Pharmacoscopy improves therapy for relapsed blood cancer in a first clinical trial
Researchers at CeMM and the Medical University of Vienna presented a preliminary report in Lancet Hematology on the clinical impact of an integrated ex vivo approach termed pharmacoscopy. The procedures measure single-cell drug responses of millions of individual cells to hundreds of possible treatments in small biopsies from cancer patients. The interims analysis of the first-ever clinical trial with the approach, published in the current issue of the journal The Lancet Haematology, highlights the potential of the method: 88.2% of patients receiving pharmacoscopy-guided treatment achieved partial or complete remission, compared to 23.5% to their own previous treatment. Further, the median progression-free survival increased four-fold. Retrospectively, pharmacoscopy also predicted the response of AML patients to first-line treatment with 90% accuracy. These results show that pharmacoscopy can assist decision-making of the responsible clinicians effectively and thus represent a powerful tool for practical precise and personalized medicine.
(Vienna, November 13, 2017) Patients suffering from refractory and relapsed blood cancers often have few treatment options and short survival times. At this stage, identifying effective therapies can be challenging for doctors. Even state-of-the-art genetic analyses, due to the high heterogeneity of cancer cells and the impact of the various mutations on their drug response, do often not suffice to instruct personalized treatments. Pharmacoscopy, a technology developed by scientists at the CeMM Research Center for Molecular Medicine of the Austrian Academy of Sciences and tested for its clinical efficacy by clinicians of the Medical University of Vienna, offers a functional approach: hundreds of drug options can be quickly pre-tested ex vivo in small liquid biopsy samples collected from individual patients.
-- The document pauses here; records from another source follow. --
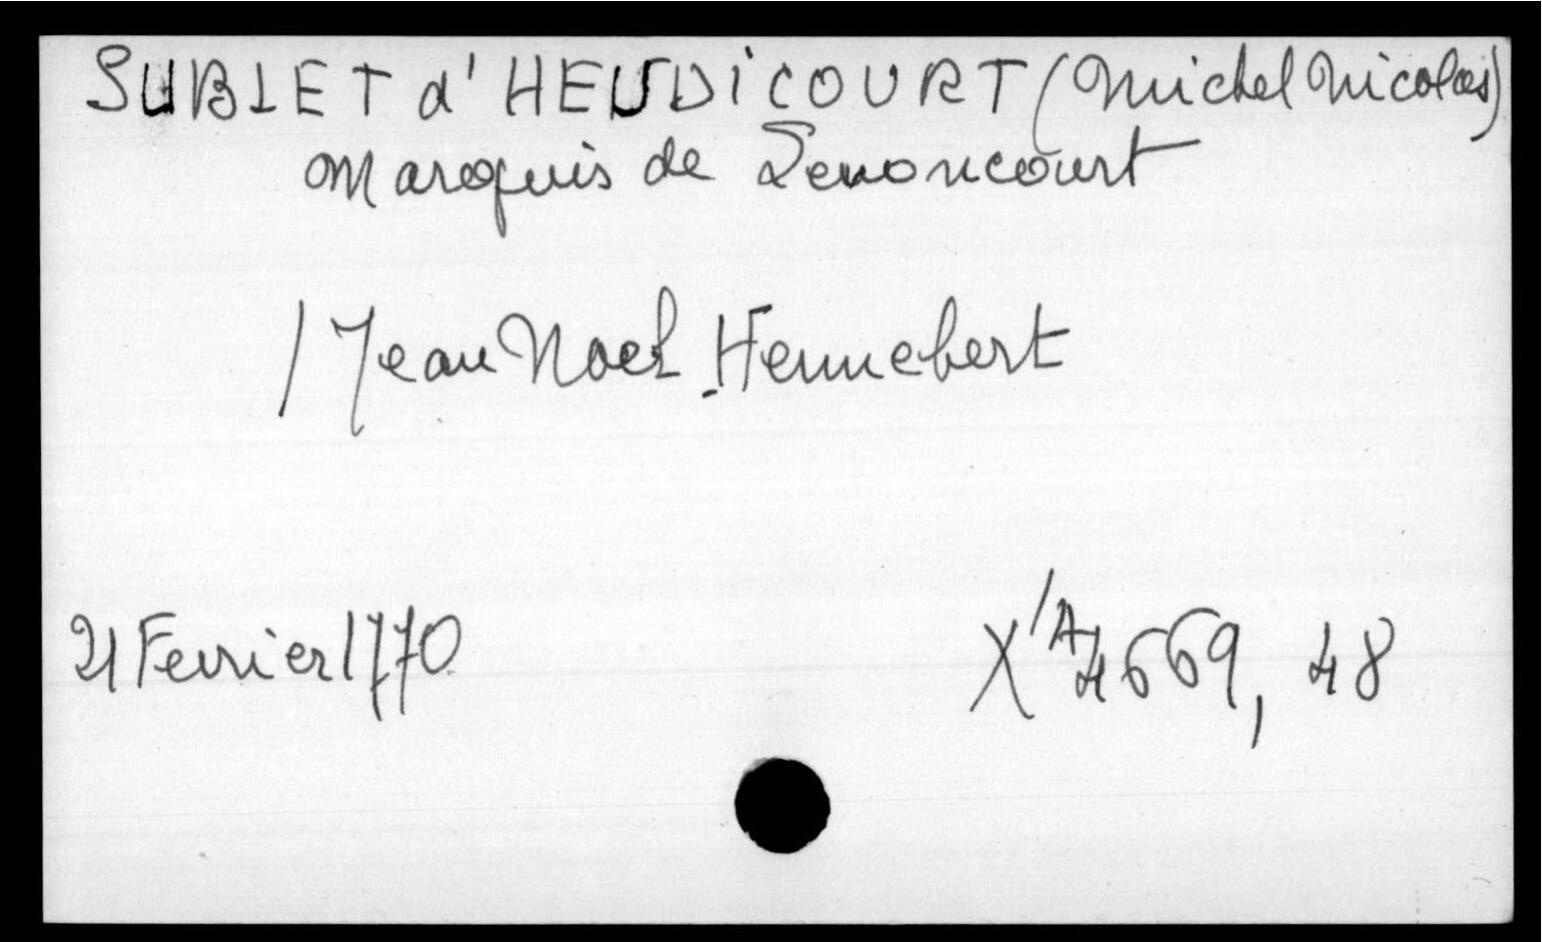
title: SUBLET d'HEUDICOURT (Michel Nicolas) marquis de Lenoncourt
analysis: Contre Jean Noel Hennebert
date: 21 février 1770
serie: X1A
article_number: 4669
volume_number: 48
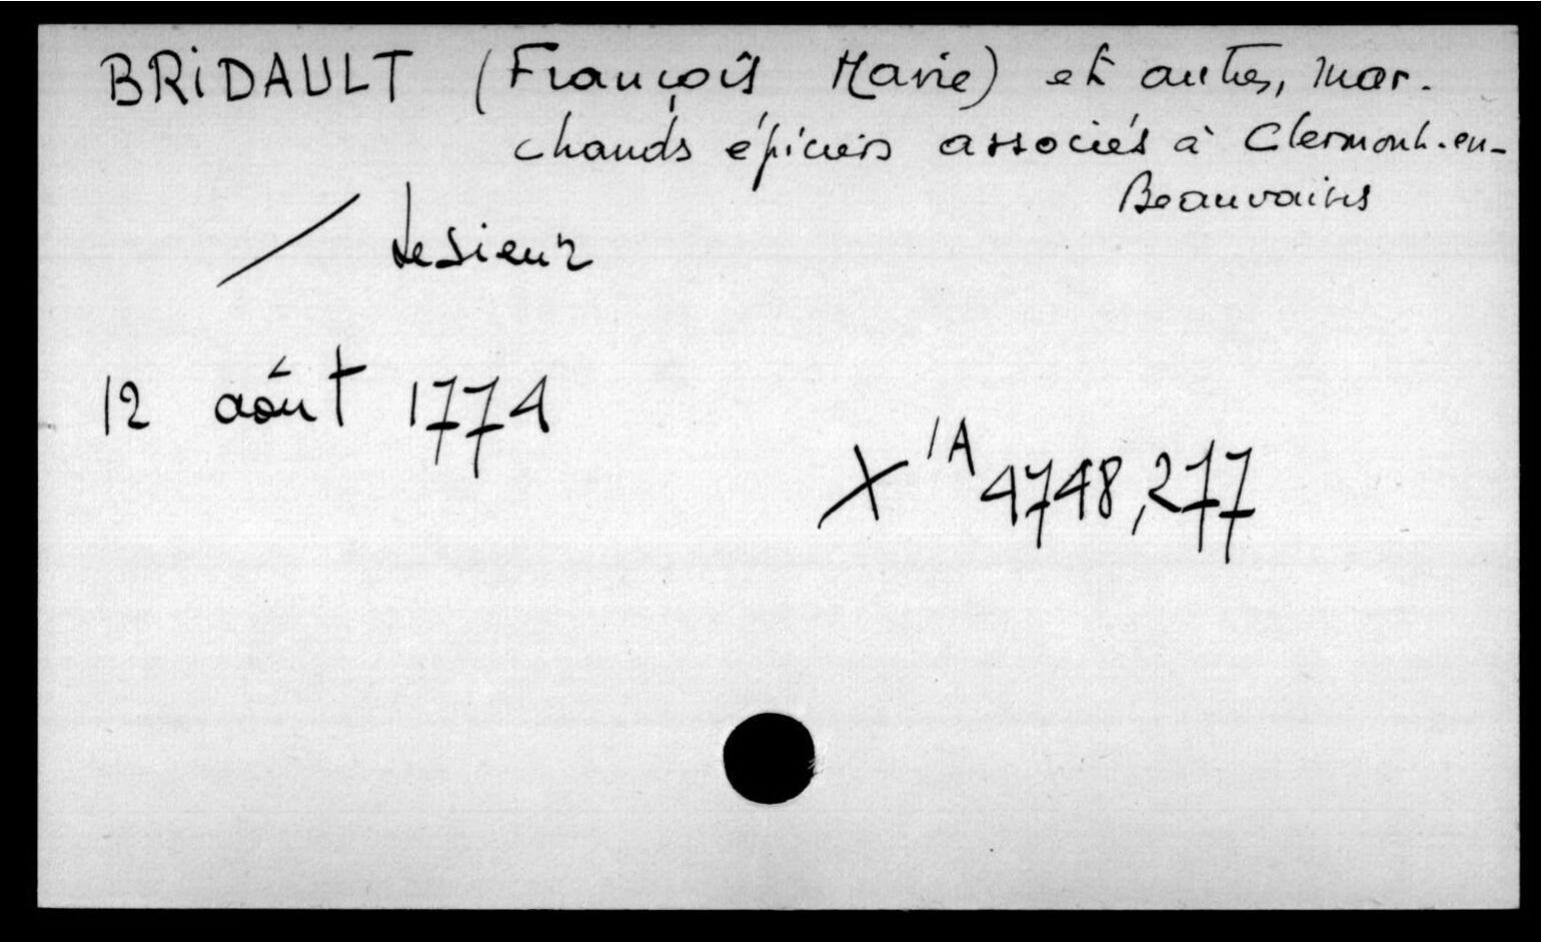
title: BRIDAULT (François Marie) et autres, marchands épiciers associés à Clermont-en-Beauvaisis
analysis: Contre lesieur
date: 12 août 1774
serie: X1A
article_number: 4748
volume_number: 277
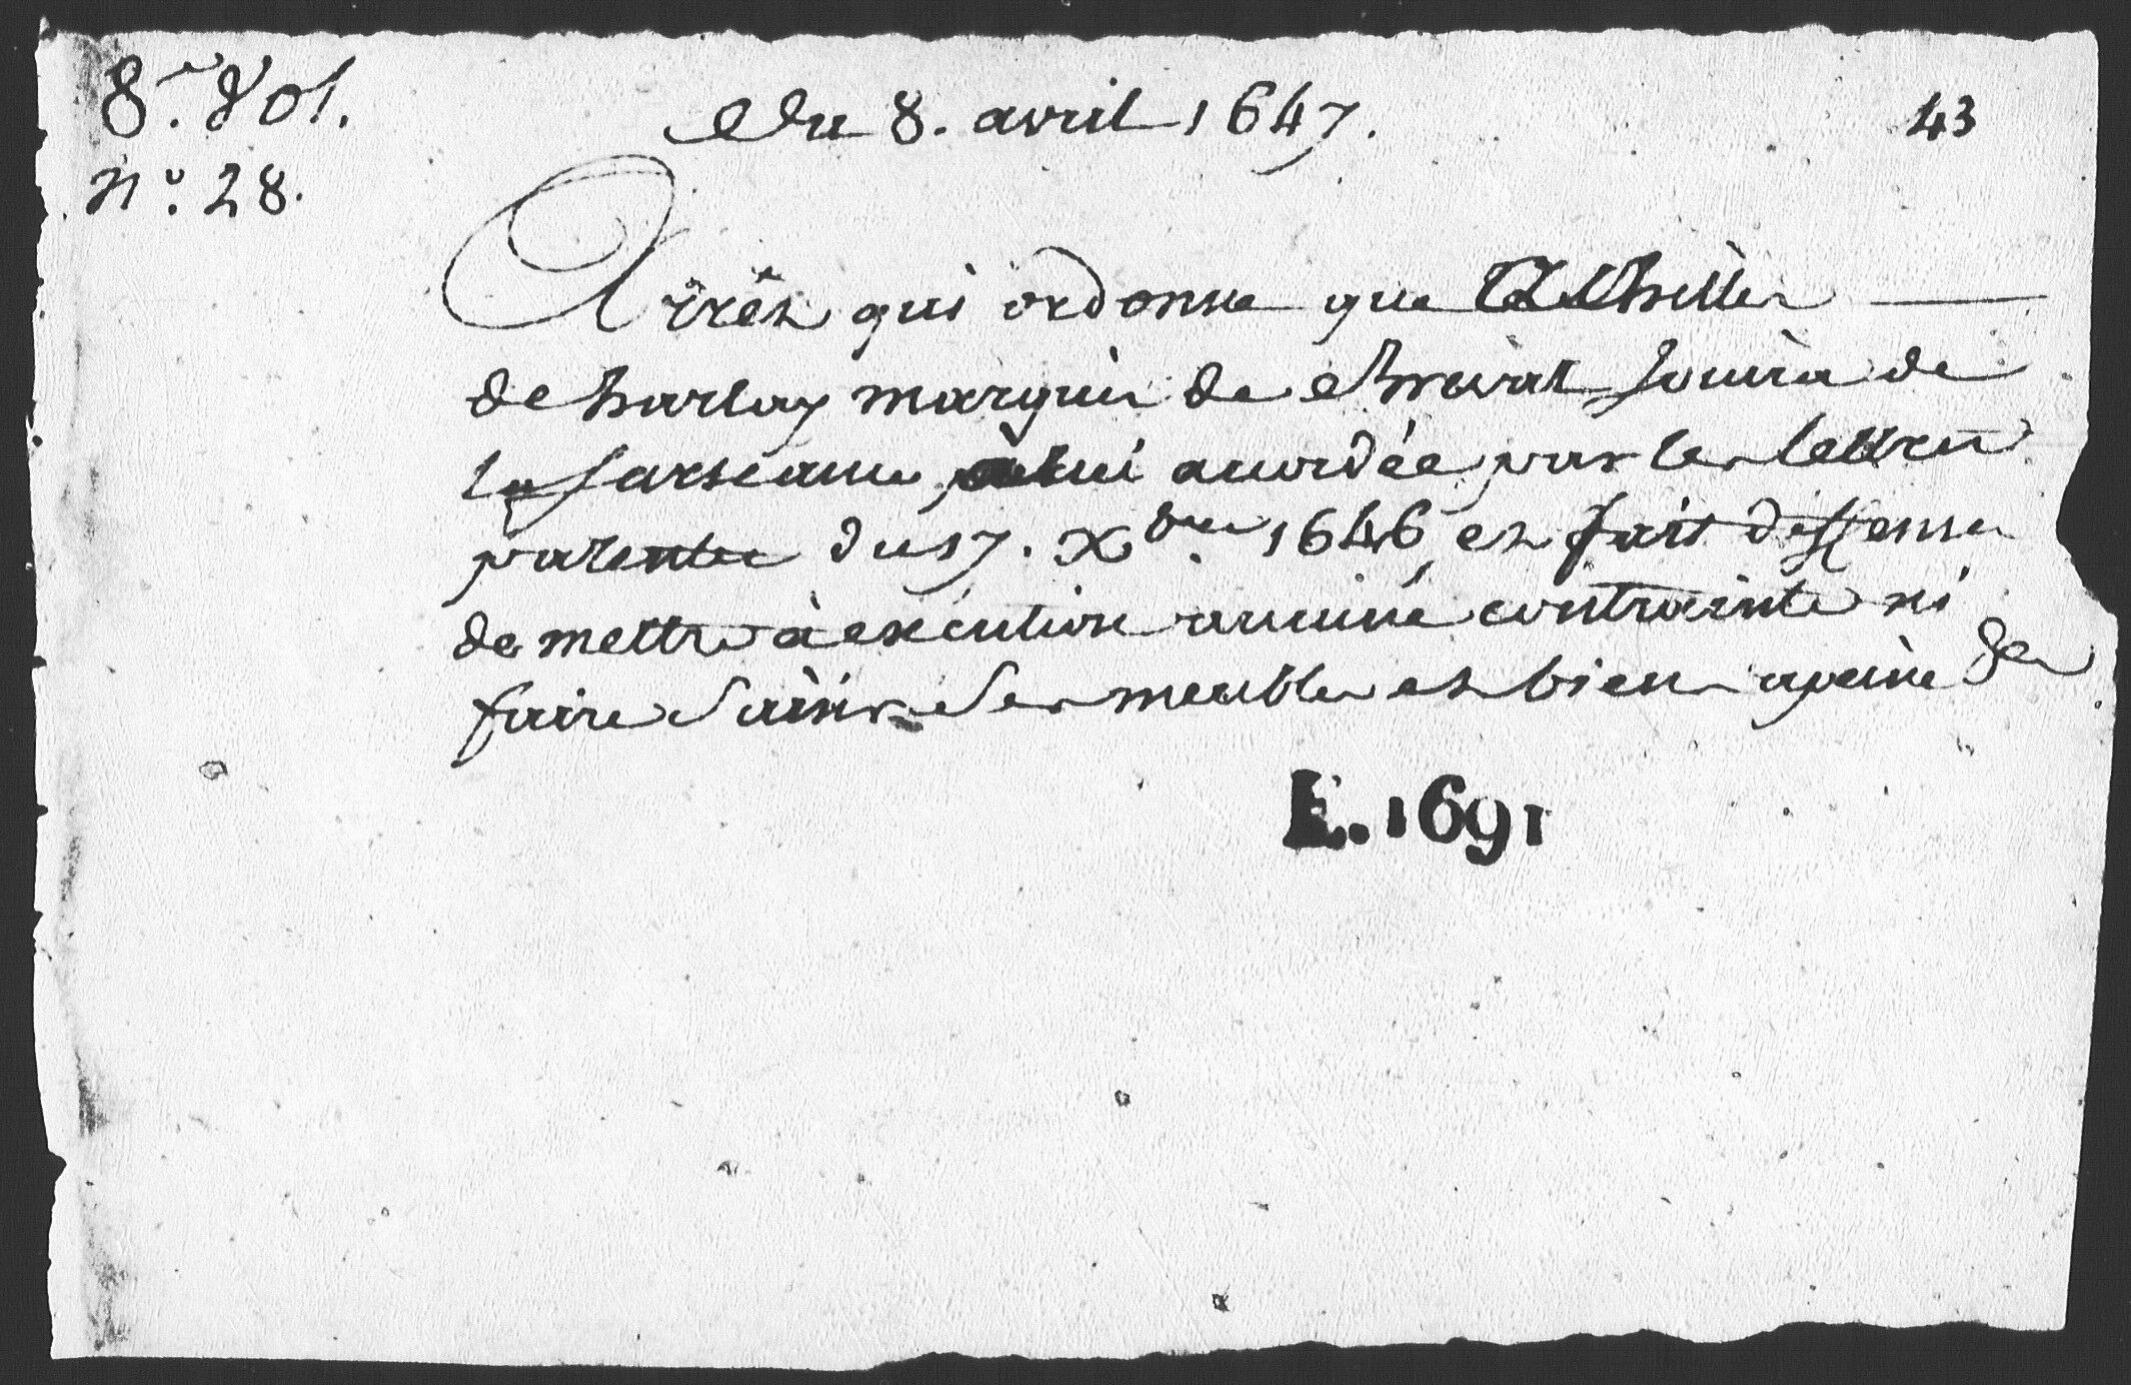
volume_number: n° 28
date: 8 avril 1647
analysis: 43
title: Arrêt qui ordonne que Le Thiller de Harlay, marquis de Breval jouira de la surséance, a lui accordée par les lettres palentes du 17 décembre 1646, et fait deffenses de mettre à exécution aucune contrainte ni faire saisir ses meubles et biens a peine de
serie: E
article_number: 1691
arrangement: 8e volume
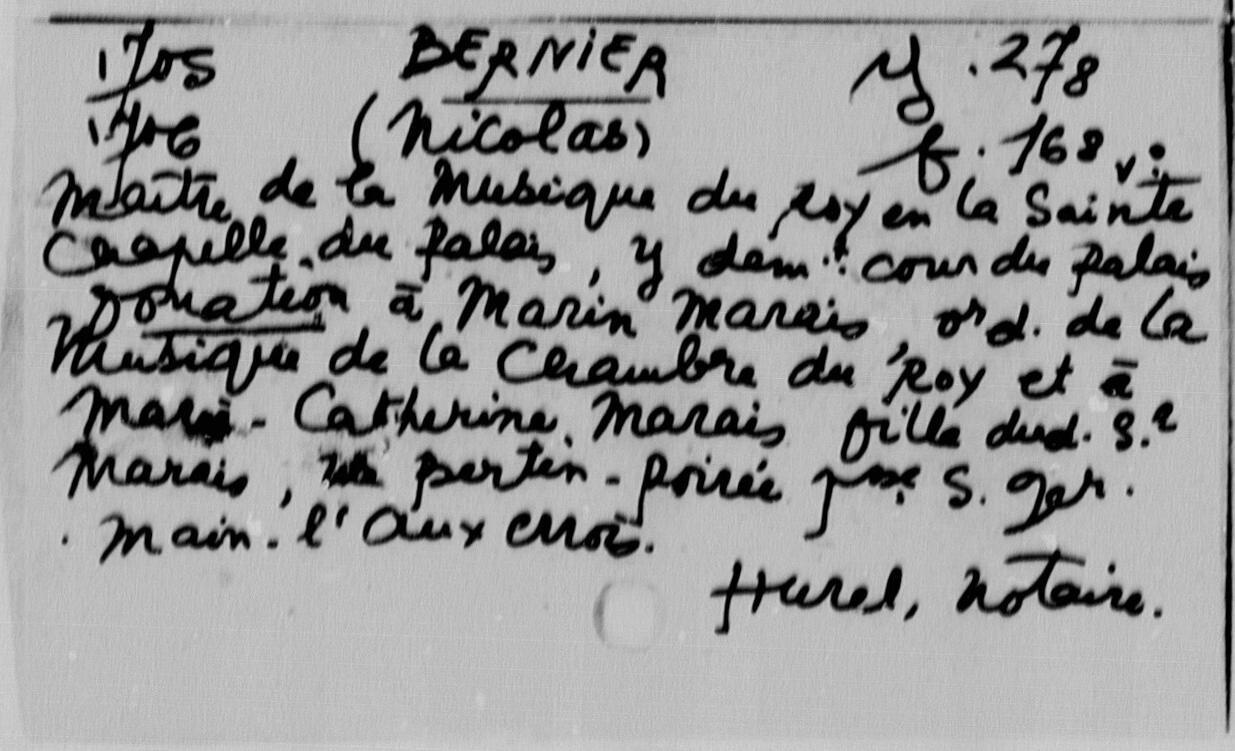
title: BERNIER (Nicolas)
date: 1705-1706
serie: Y
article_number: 278
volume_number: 168v
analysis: Maître de la Musique du roy en la Sainte Chapelle du palais, y demeurant cour du Palais. Donation à Marin Marais, ordinaire de la musique de la chambre du roy et à Marie-Catherine Marais fille dudit sieur Marais, rue Bertin-Poirée paroisse Saint-Germain-l'Auxerrois. Hurel, notaire.

The effects of each drug on the individual cells are quantified using high-throughput and high-content automated confocal microscopy. In combination with specially developed analysis methods and machine learning and other unique algorithms, pharmacoscopy allows quantification of never-before visualized phenotypes. The method was first presented last April in Nature Chemical Biology (doi:10.1038/nchembio.2360).
The multidisciplinary team publishing the current study is spearheaded by Giulio Superti-Furga, Scientific Director of CeMM and Professor at the Center for Physiology and Pharmacology of Medical University of Vienna together with Professor Philip Staber, Program Director for Lymphoma, Chronic Lymphatic Leukemia, and T-cell Lymphoma of the Medical University of Vienna.
While the clinical study is still recruiting, interim analysis of the program showed that 88.2% of the patients recruited (15 out of 17) who received pharmacoscopy-monitored personalized therapies achieved partial or complete remission, while only 23.5% (4 out of 17) responded similarly well to their previous respective treatments.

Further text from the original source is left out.